Source material
__________________________________________________

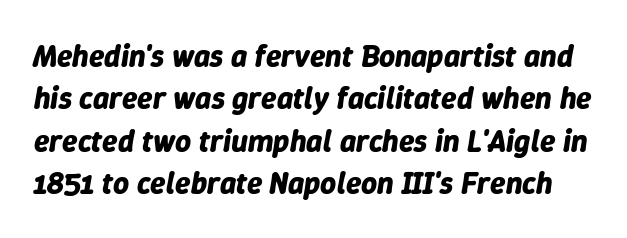
Looking at the ascenders, they clearly lean. Interline gaps are of average width in this sample. Here the glyphs are tracked normally, forming tight word shapes. The strip under each line holds only bare page.
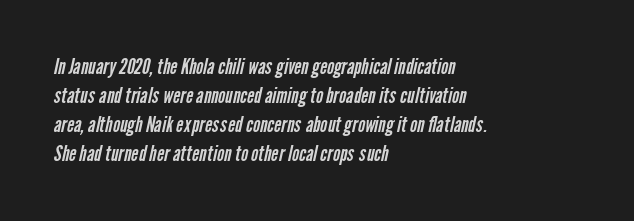
{"bold": "no", "underline": "no", "align": "left", "line_spacing": "normal", "line_spacing_ratio": 1.32, "letter_spacing": "normal", "letter_spacing_em": 0.0, "glyph_px": 22}
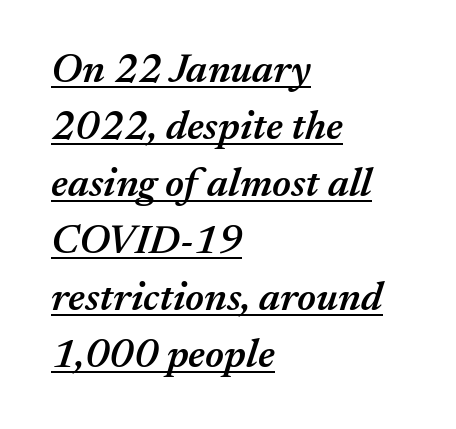
The image shows 41 px semibold type, italic (leaning right); set left-aligned, normal line spacing (1.39x), normal letter spacing, underlined; medium stroke contrast and a medium x-height.
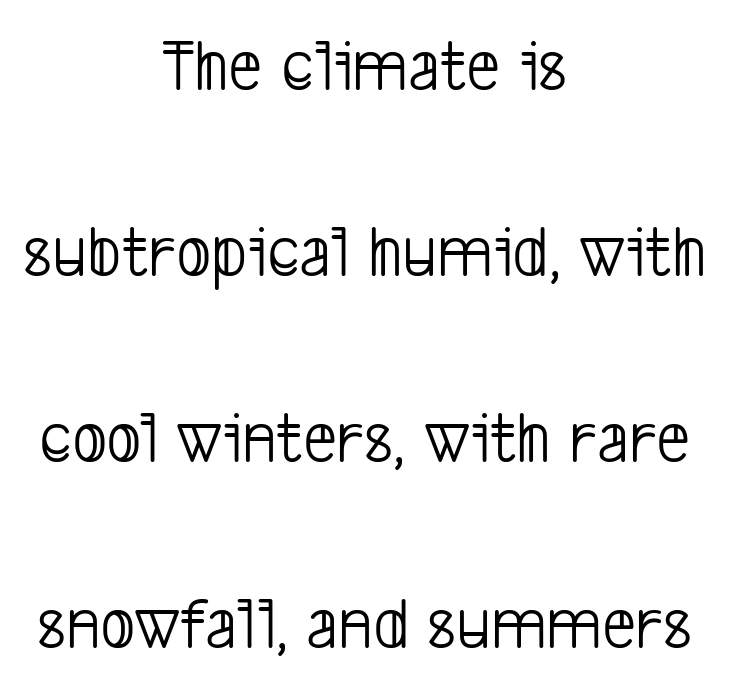
The image shows 75 px light, condensed sans-serif type; set centered, loose line spacing (2.48x), normal letter spacing, not underlined; low stroke contrast and a medium x-height.

__________________________________________________

How to complete this task
Leave out the pictures, then reproduce exactly the run of lines from the one that contains "The image shows 41" to the final line of the listing above.

Solution to the problem
The image shows 41 px semibold type, italic (leaning right); set left-aligned, normal line spacing (1.39x), normal letter spacing, underlined; medium stroke contrast and a medium x-height.
The image shows 75 px light, condensed sans-serif type; set centered, loose line spacing (2.48x), normal letter spacing, not underlined; low stroke contrast and a medium x-height.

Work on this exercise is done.